Mon blog professionnel, à l'attention des dirigeants d'entreprises, fait un point régulier sur les questions de management, gestion des crises. Il suit de près l'actualité sociale, les risques psychosociaux et les négociations en cours
Pour la plupart d’entre nous, l’organisation circonscrit le monde dans lequel nous vivons et le moyen cardinal de l’agir. Contre elle, nous nous élevons souvent en désignant sa complexité excessive, ses pesanteurs et son immixtion compulsive dans le territoire de nos libertés, en la qualifiant de kafkaïenne. Il demeure qu’elle recèle quelques qualités et une réelle nécessité.
Du grec organon (l’instrument, l’outil), elle désigne une mise en forme animée par la logique, laquelle est caractéristique d’une syntaxe, c’est-à-dire un ensemble de symboles constitutifs
d’une sémantique.

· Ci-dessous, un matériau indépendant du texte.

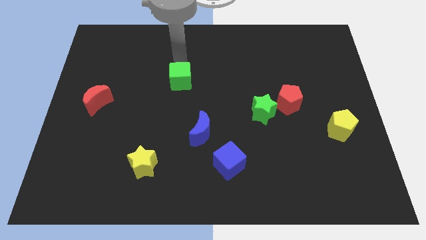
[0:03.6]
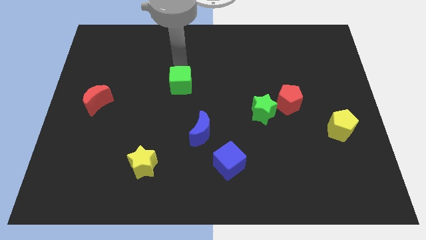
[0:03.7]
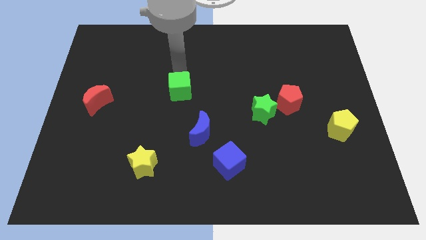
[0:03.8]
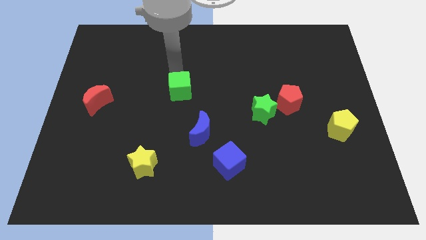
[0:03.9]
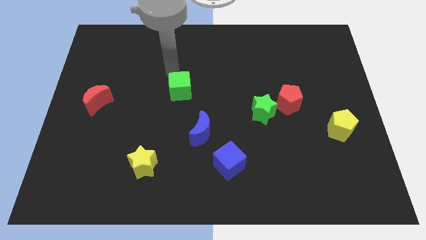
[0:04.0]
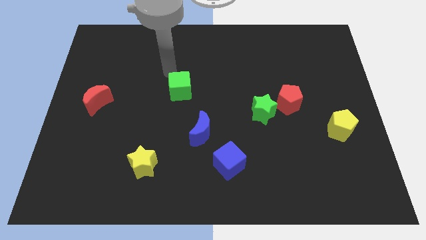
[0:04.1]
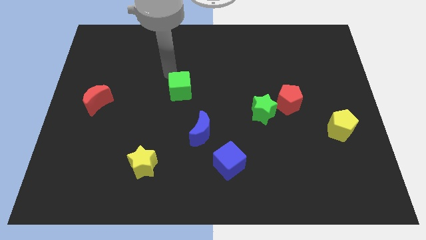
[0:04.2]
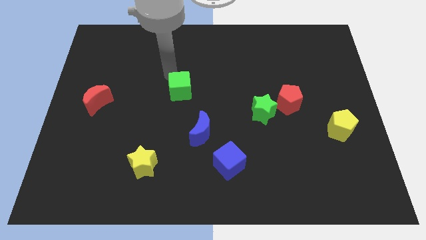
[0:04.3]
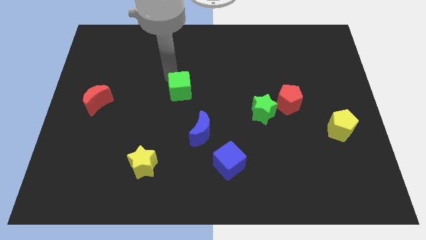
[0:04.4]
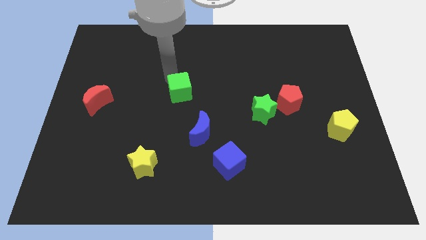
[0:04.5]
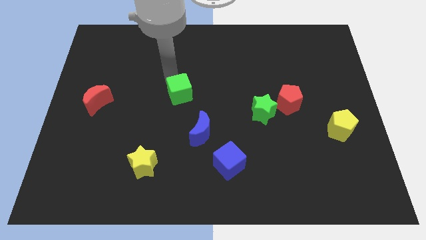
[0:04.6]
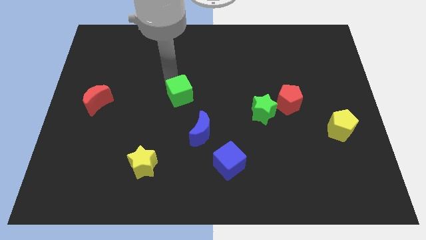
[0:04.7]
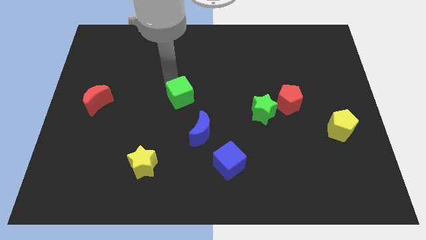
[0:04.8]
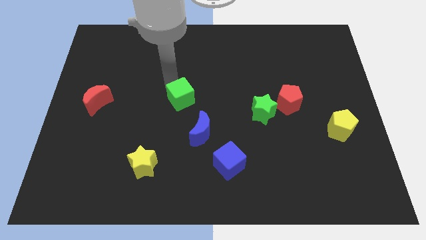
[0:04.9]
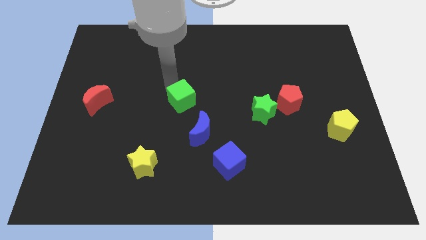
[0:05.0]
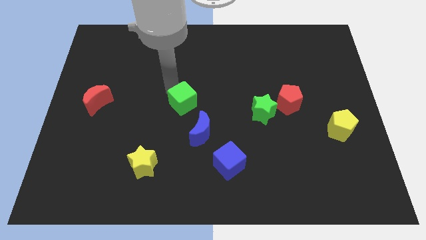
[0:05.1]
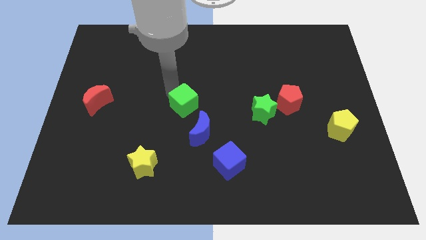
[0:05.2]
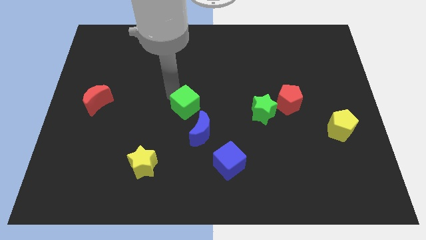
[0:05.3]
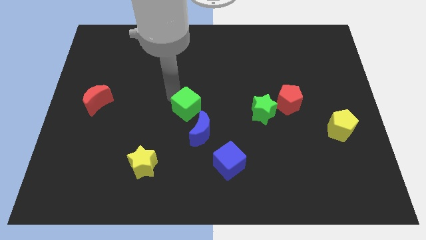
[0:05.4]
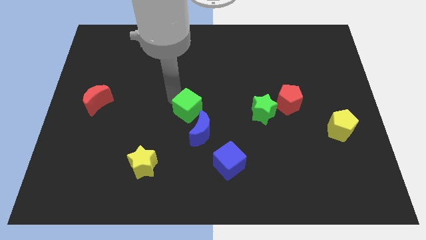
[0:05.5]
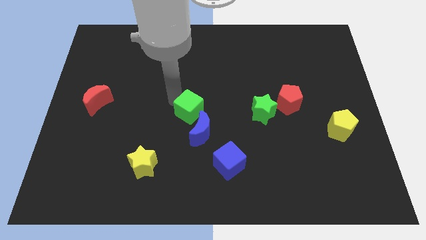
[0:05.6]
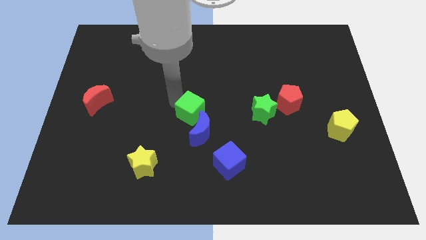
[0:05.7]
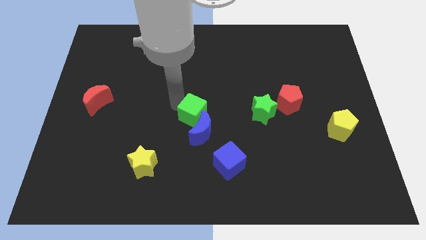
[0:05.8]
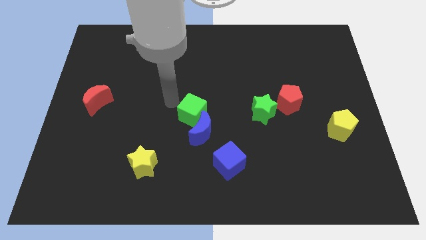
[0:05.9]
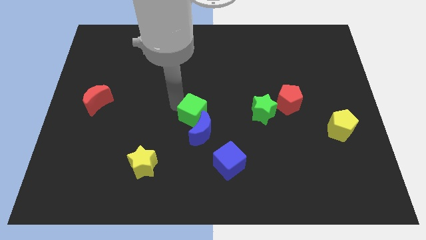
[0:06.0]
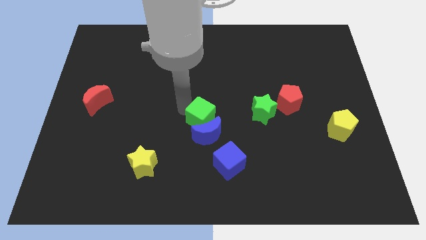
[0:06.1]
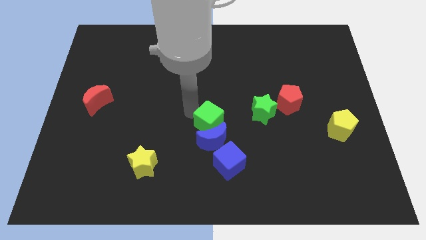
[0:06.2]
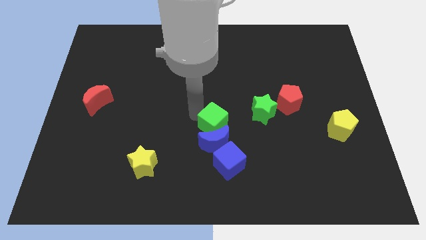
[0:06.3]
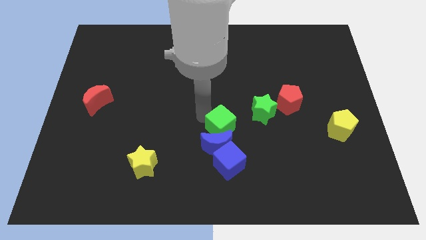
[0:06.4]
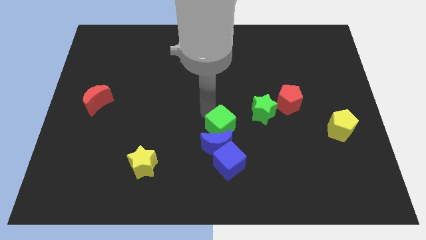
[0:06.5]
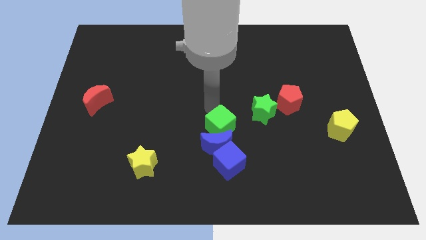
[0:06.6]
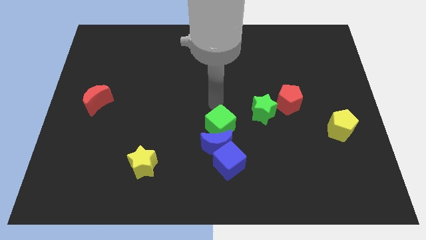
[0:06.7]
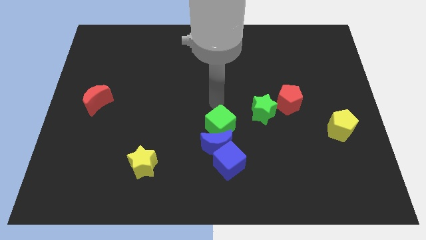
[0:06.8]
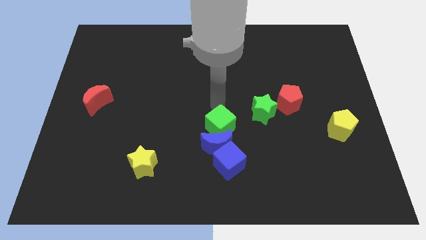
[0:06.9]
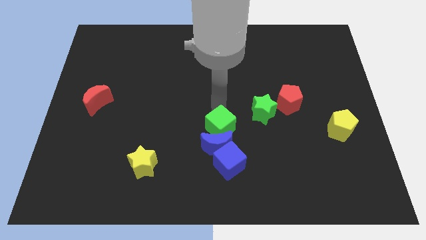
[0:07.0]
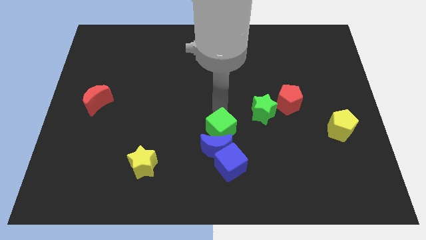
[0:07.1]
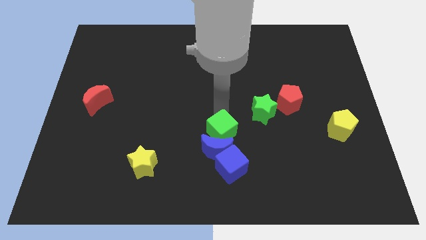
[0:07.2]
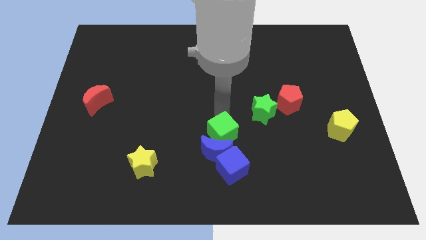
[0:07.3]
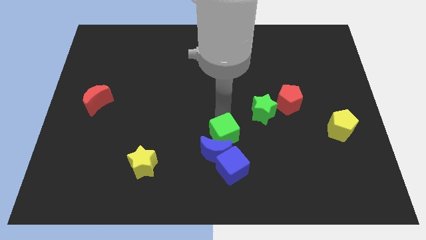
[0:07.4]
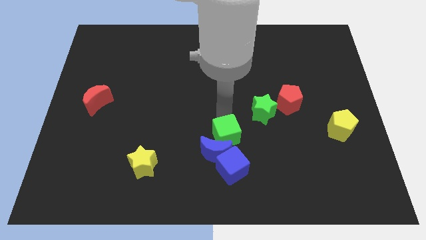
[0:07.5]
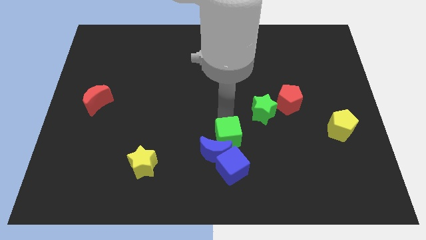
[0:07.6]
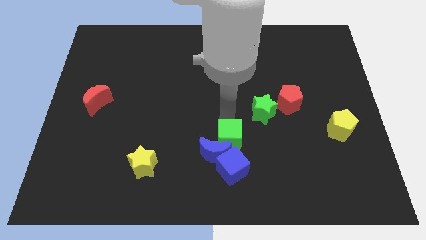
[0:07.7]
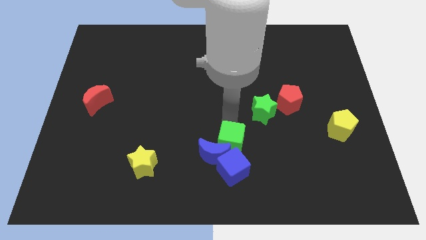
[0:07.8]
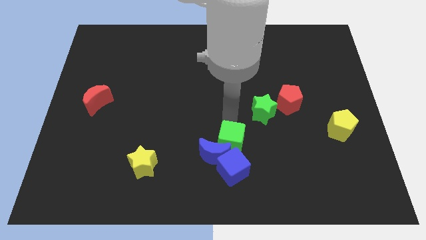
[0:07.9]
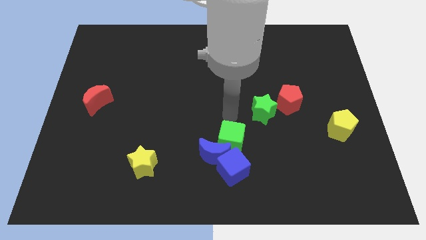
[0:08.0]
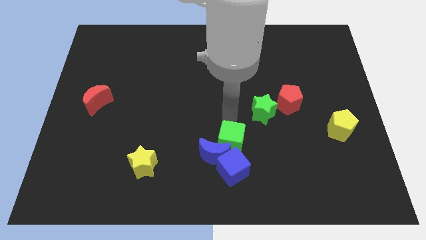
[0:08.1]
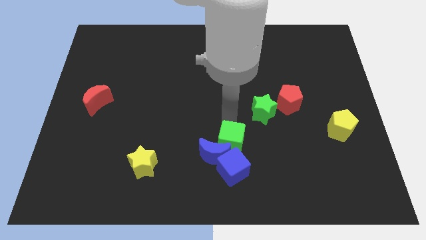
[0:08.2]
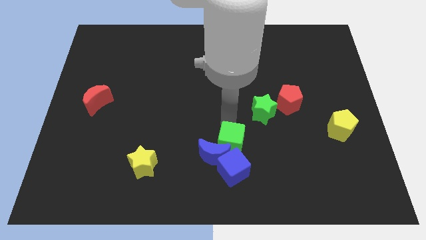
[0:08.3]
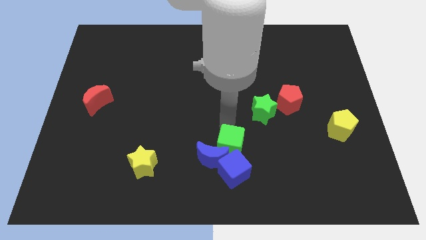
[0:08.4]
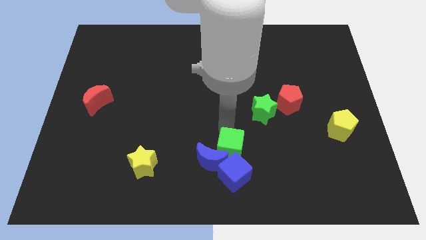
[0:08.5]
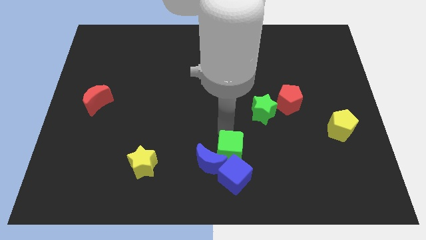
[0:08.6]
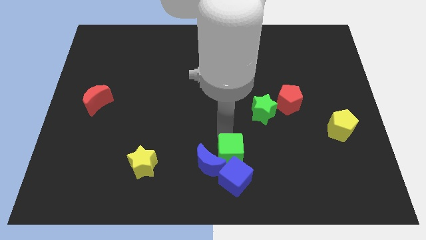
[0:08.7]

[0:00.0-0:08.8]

Un langage en somme, dont les humains ont longtemps considéré qu’il était le réel. Toutefois, depuis l’école de Palo Alto et Paul Watzlawick[1], nous savons que inventons ce réel à travers une construction auto-référencée, aussi peu assurée que les ombres de la caverne platonicienne, mais qui autorise l’action performative.
Avec le temps, plusieurs types de structures, majoritairement verticales, ont imposé leurs logiques successives : hiérarchiques, fonctionnelles, divisionnelles. Puis est venu le temps du matriciel quand il a fallu utiliser avec efficience des ressources humaines rares tout en valorisant le business et ses fameux « livrables ».
Structures matricielles
Une structure matricielle[2] vise à synthétiser hiérarchie et fonctionnalité, pour les optimiser. Ce modèle est apparu sous l’impulsion d’entreprises en quête d’une organisation favorisant un meilleur emploi des ressources et une productivité accrue. Au moment de la conquête de l’espace, la NASA a notamment été refondue sur un modèle matriciel pour gagner en efficacité. Flexible et adaptable, l’organisation matricielle est aujourd’hui, une structure très répandue, privilégiée par les grandes entreprises internationales.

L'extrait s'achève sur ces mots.